"""

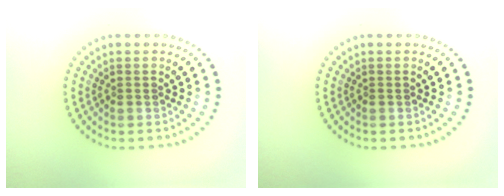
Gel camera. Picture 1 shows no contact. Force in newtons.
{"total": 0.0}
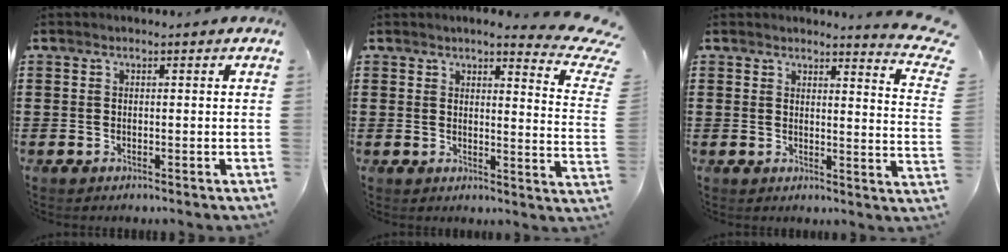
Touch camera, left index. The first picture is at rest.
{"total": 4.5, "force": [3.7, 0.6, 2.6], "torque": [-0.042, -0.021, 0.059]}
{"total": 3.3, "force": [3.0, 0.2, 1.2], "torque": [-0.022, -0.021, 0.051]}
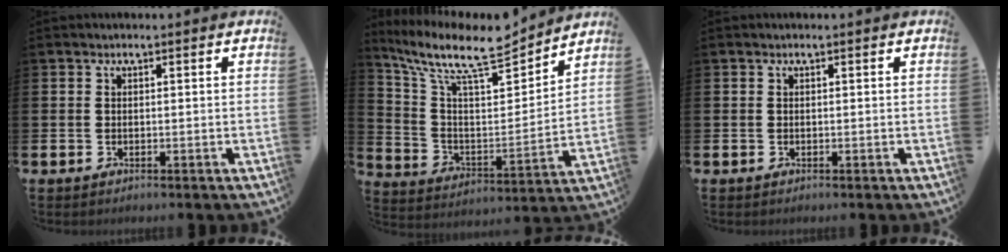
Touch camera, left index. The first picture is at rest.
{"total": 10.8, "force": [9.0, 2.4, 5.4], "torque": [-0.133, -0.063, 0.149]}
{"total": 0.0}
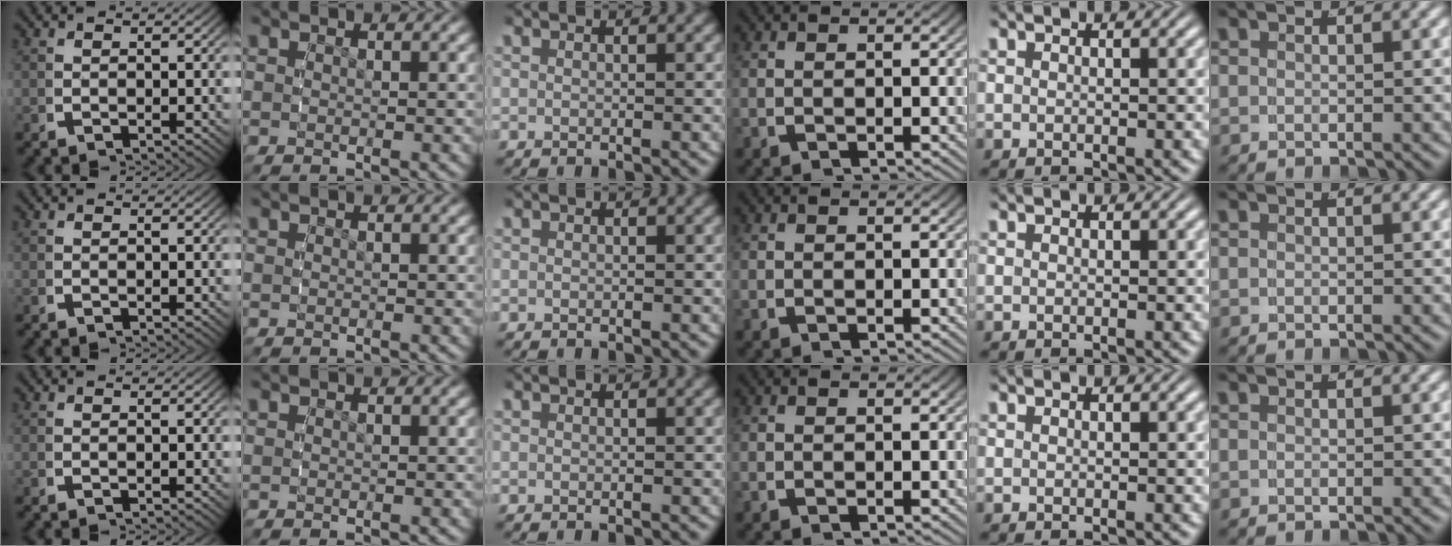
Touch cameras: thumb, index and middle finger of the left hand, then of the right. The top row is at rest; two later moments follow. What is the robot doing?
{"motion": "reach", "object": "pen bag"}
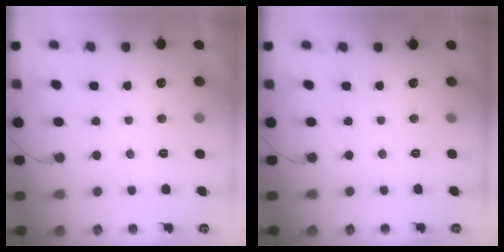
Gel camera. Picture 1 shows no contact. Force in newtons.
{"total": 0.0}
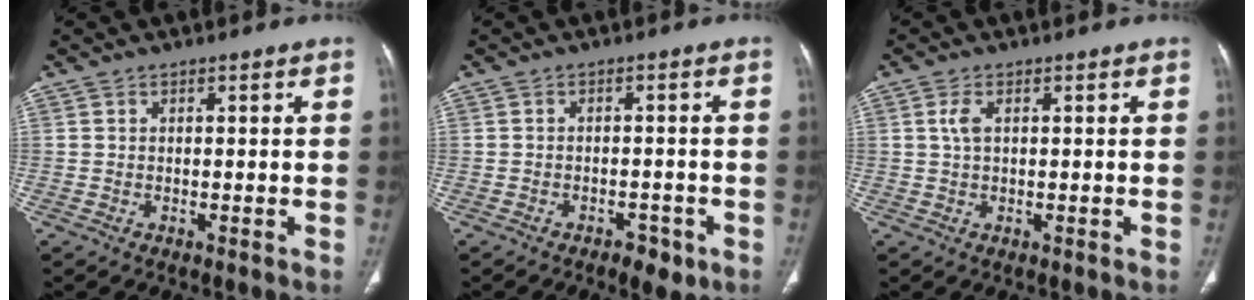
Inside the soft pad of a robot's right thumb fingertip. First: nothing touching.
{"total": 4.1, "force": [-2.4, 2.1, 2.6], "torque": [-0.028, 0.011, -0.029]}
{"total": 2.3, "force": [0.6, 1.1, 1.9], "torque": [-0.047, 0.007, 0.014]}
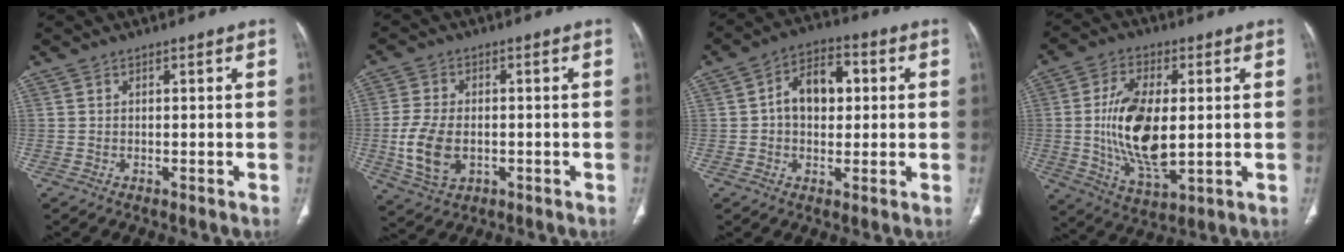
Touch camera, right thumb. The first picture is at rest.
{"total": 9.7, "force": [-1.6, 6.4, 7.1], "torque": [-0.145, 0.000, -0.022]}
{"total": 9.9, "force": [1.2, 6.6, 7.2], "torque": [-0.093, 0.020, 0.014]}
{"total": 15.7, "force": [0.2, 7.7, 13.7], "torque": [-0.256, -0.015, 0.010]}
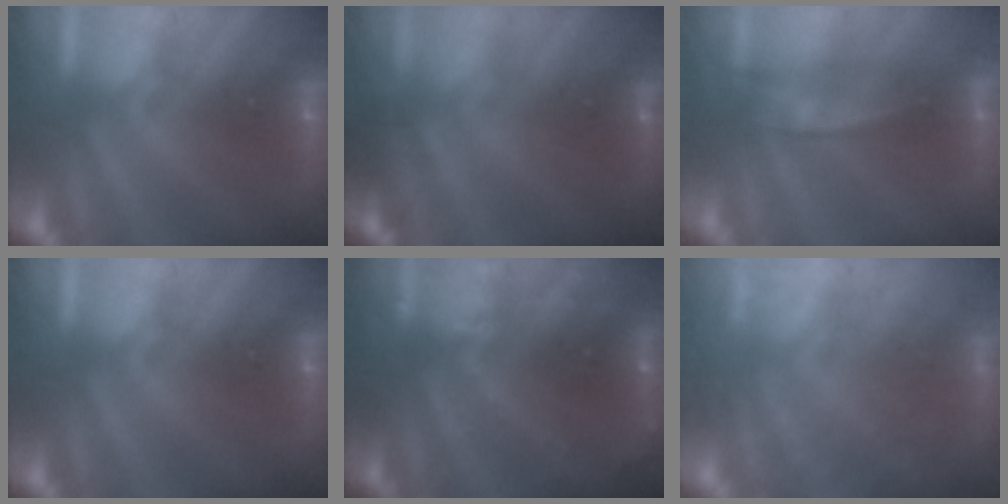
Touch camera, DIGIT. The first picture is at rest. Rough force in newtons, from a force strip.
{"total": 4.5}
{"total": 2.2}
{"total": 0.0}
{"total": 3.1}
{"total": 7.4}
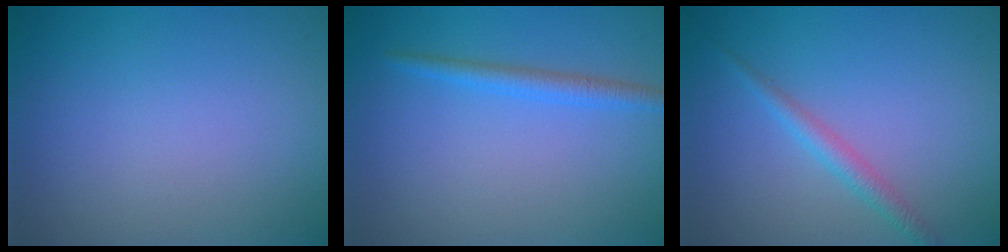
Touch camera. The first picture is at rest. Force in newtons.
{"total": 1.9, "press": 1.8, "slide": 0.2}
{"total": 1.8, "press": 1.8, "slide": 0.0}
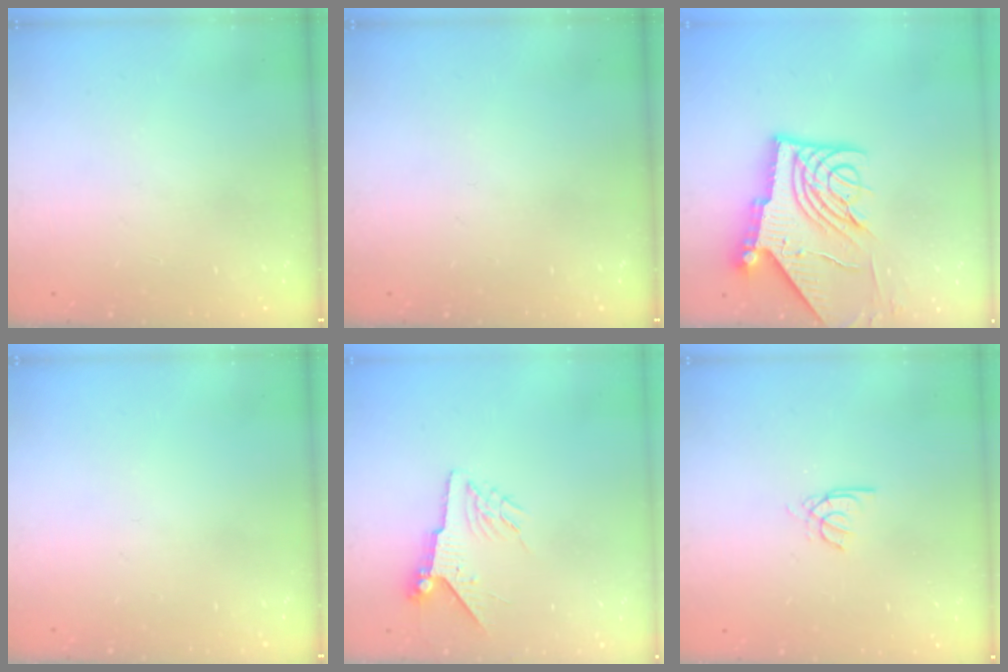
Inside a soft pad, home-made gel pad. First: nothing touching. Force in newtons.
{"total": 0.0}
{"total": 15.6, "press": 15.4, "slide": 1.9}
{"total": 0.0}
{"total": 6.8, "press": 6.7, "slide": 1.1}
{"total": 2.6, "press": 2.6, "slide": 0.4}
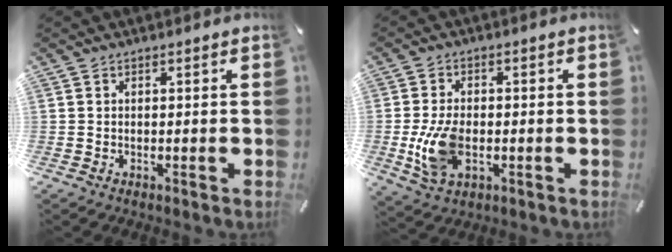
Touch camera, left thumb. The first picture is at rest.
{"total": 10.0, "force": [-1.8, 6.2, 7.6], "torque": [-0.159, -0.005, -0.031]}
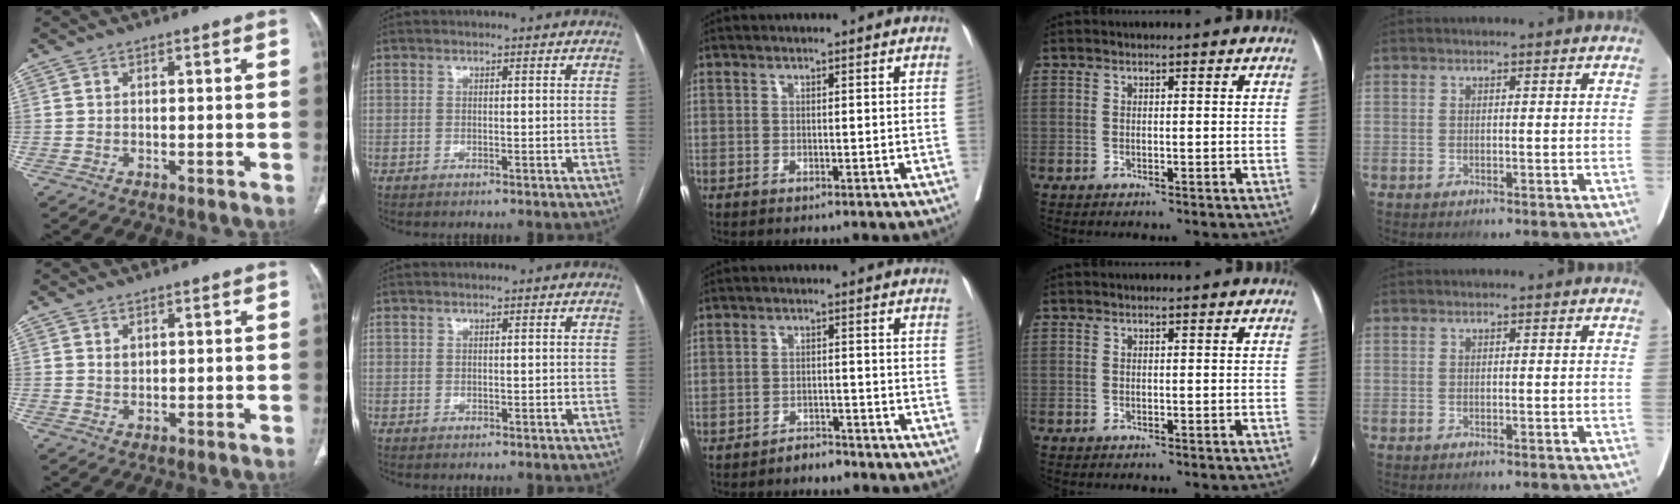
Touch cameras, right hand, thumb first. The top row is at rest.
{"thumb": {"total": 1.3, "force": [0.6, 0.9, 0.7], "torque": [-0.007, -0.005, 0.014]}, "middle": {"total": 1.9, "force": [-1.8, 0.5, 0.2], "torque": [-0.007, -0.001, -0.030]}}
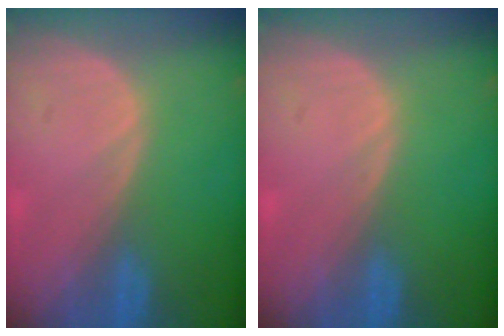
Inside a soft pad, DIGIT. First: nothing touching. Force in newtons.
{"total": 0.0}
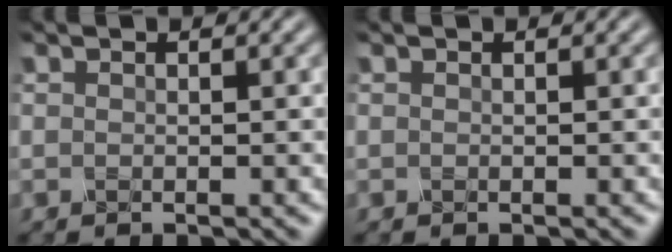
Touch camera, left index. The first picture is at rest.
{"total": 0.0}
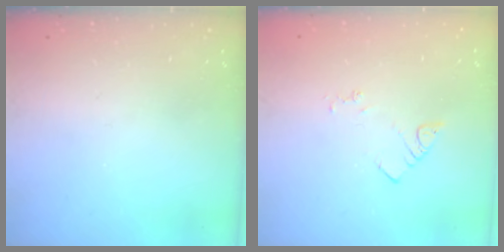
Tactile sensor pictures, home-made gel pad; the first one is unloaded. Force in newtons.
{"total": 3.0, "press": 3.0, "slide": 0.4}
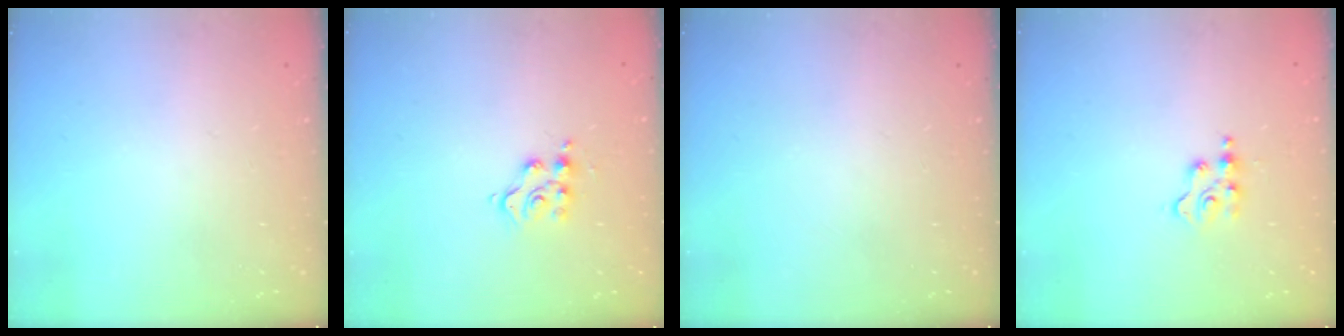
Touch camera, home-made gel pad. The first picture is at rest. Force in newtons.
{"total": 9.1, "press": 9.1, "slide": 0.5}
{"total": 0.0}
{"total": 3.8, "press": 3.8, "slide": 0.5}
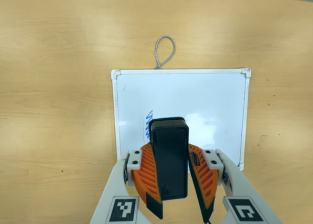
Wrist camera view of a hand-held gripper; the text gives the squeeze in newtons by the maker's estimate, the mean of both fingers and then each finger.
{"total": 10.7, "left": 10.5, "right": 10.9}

"""

* TASK INSTRUCTIONS
From the line with "Inside a soft pad, DIGIT." through the final line of the records above, return each line exactly and nothing else. Pictures are to be skipped.

* RESPONSE AREA
Inside a soft pad, DIGIT. First: nothing touching. Force in newtons.
{"total": 0.0}
Touch camera, left index. The first picture is at rest.
{"total": 0.0}
Tactile sensor pictures, home-made gel pad; the first one is unloaded. Force in newtons.
{"total": 3.0, "press": 3.0, "slide": 0.4}
Touch camera, home-made gel pad. The first picture is at rest. Force in newtons.
{"total": 9.1, "press": 9.1, "slide": 0.5}
{"total": 0.0}
{"total": 3.8, "press": 3.8, "slide": 0.5}
Wrist camera view of a hand-held gripper; the text gives the squeeze in newtons by the maker's estimate, the mean of both fingers and then each finger.
{"total": 10.7, "left": 10.5, "right": 10.9}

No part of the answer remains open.